Just a comment: the Integral method provided with TGraph seems not to work with logarithmic binning (so in the end I wrote something myself). It would be nice to have an alternative method prodived (e.g. simple trapezoidal approximation) to do 2D integration for binnings other than linear.
Can you be a be more precise ? TGraph has no “binning”. TGraph can be drawn in log scales but that purely graphics… So what do you mean by “log binning” ?
You are right, my initial description was was not very precise. Actually, the idea with the log binning was a guess (and at a second look nonsense - sorry).
I had a look in the method in question: Double_t TGraph::Integral(Int_t first, Int_t last) const (v5.27.04).

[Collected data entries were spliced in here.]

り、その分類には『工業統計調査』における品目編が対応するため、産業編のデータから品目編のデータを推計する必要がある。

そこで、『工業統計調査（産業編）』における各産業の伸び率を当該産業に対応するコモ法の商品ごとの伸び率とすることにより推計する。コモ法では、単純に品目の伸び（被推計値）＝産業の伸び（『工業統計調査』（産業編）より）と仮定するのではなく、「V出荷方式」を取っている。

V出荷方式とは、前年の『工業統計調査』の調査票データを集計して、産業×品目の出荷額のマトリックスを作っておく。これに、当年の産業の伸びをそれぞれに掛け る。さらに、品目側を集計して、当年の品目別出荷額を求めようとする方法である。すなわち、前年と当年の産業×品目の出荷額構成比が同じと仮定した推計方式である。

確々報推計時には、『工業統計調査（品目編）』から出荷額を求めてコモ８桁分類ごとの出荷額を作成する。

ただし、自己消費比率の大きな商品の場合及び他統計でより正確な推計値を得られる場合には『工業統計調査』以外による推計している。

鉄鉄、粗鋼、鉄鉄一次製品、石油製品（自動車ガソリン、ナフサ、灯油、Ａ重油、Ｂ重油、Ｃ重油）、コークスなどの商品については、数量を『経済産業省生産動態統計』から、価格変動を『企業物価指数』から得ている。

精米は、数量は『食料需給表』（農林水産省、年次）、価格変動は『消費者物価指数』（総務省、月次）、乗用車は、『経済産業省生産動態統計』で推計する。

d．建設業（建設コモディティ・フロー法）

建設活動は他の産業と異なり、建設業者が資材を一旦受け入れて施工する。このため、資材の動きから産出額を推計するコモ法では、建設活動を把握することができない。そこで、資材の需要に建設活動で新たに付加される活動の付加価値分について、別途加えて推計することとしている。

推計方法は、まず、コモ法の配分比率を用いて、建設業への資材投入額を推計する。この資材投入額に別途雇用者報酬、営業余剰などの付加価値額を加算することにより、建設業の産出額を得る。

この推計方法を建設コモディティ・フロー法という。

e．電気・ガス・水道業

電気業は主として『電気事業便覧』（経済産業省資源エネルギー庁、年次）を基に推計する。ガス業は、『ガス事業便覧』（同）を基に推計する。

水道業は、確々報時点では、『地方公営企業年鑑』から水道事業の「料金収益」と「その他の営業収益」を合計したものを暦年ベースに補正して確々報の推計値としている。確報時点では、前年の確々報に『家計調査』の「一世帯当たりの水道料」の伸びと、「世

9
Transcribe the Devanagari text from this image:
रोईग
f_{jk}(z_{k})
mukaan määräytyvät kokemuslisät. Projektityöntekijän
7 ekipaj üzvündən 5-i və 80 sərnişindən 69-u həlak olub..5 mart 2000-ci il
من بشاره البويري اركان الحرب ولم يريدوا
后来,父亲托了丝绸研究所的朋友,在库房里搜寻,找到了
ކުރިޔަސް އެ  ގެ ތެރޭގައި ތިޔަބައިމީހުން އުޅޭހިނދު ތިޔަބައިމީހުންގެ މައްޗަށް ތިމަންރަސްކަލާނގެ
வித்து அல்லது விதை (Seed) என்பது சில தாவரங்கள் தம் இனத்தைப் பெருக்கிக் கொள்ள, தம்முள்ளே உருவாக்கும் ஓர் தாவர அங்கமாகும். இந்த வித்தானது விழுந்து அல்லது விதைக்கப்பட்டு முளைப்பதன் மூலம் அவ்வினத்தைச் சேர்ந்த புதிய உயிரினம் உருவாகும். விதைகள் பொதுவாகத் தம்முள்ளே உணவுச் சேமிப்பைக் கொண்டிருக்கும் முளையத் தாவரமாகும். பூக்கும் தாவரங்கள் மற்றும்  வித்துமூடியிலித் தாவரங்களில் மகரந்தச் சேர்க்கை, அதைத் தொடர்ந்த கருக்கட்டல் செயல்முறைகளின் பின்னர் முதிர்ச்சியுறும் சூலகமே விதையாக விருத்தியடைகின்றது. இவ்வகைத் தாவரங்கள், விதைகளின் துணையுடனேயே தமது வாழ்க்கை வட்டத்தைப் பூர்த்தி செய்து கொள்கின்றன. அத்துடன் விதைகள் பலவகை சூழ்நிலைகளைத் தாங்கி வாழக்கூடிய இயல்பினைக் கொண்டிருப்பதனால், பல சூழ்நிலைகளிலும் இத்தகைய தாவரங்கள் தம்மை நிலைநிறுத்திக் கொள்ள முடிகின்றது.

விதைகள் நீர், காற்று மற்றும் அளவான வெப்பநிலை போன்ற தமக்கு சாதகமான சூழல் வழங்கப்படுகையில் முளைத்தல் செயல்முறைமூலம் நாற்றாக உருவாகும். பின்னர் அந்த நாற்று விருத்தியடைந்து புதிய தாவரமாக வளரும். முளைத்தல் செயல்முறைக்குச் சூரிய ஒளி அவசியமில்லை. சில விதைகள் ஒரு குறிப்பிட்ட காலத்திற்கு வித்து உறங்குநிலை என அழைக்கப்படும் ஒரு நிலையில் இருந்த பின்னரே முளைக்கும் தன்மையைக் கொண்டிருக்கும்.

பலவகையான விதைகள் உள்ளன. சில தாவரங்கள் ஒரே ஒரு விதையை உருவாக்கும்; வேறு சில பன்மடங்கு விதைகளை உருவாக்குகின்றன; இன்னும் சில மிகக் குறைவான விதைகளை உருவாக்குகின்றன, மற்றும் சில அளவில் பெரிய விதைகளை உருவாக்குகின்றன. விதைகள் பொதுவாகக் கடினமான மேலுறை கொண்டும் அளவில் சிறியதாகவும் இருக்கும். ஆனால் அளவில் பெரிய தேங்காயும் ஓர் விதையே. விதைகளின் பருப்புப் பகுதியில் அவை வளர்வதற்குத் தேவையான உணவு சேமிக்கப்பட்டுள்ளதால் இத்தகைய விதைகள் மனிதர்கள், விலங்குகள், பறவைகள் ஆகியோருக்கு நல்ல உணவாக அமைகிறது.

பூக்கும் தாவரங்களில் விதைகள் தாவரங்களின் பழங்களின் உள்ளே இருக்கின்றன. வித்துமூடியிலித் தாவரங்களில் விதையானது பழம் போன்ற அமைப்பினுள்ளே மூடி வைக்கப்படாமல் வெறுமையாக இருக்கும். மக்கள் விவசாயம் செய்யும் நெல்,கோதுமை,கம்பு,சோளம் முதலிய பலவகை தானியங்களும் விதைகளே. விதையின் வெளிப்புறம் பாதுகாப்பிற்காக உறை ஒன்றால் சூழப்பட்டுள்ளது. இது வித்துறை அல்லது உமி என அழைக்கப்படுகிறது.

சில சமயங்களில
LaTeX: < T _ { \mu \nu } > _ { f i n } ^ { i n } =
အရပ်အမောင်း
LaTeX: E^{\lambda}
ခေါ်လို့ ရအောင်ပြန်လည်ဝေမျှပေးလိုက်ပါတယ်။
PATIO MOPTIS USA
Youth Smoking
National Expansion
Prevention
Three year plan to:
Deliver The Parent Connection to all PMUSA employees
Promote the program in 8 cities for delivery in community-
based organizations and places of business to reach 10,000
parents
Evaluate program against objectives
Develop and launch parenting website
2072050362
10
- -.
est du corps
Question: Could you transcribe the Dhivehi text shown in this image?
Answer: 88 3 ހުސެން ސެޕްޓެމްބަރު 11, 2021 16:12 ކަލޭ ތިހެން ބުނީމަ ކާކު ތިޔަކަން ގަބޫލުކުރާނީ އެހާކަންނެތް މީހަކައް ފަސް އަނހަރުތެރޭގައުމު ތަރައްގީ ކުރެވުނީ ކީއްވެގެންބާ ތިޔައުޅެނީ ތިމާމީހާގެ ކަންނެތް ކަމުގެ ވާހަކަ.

And I found out that disagreement what I got for the integral was due to the fact that when I called the method the loop inside ( “for(Int_t i=first;i<=last;i++)” ) was adding as last element: “(fY[last]+fY[first])*(fX[first]-fX[last])” which to my mind it shouldn’t!!! So by changing in the source the loop to: “for(Int_t i=first;i<last;i++)” the integral is correct.
I think the TGraph::Integral method is correct. You have to use the TGraph indexing convention, the index starts from 0 and the index for the n-th point is n-1.
Yes, I know. Actually, inside the method it is checked that we don’t get out-of-bound with the indices (e.g.: “if(last >= fNpoints) last = fNpoints-1;”). But regardless if I integrate “from 0 to fNpoints-1” or “from 0 to fNpoints-2”, etc, the indices of the last term in the sum are i=last and j=first - which shouldn’t be!
Check out this small piece of python code:
from array import array
from ROOT import TGraph
TESTgr=TGraph( 3, array('f',[1,2,3]) , array('f',[1,1,1]) )
print 'TEST integral:',TESTgr.Integral()
The integral should be 2. Instead the output I get is:
TEST integral: 0.0
If I cout the variables of the loop of TGraph::Integral method I get:
i=0 j=1 fX[i]=1 fX[j]=2 sum term:2
i=1 j=2 fX[i]=2 fX[j]=3 sum term:2
i=2 j=0 fX[i]=3 fX[j]=1 sum term:-4
… which is then divided by 2: (2+2-4)/2=0. Obviously the last sum term is wrong as I described before!
TGraph::Integral returns the integral of a closed polygon. So in your specific example it is right to return 0 since the TGraph is not closed. To get the value you expect you should use the TGraph with :
Ok, I guess I skipped this - it’s actually written in the method description - I was just assuming that the method does what one would expect. Thanks for noting!
Anyways, wouldn’t it be nice to have a method to give the area between a series of points and the x-axis without the need to modify your graph? It could be quite useful - for example, to estimate the impact of a cut parameter.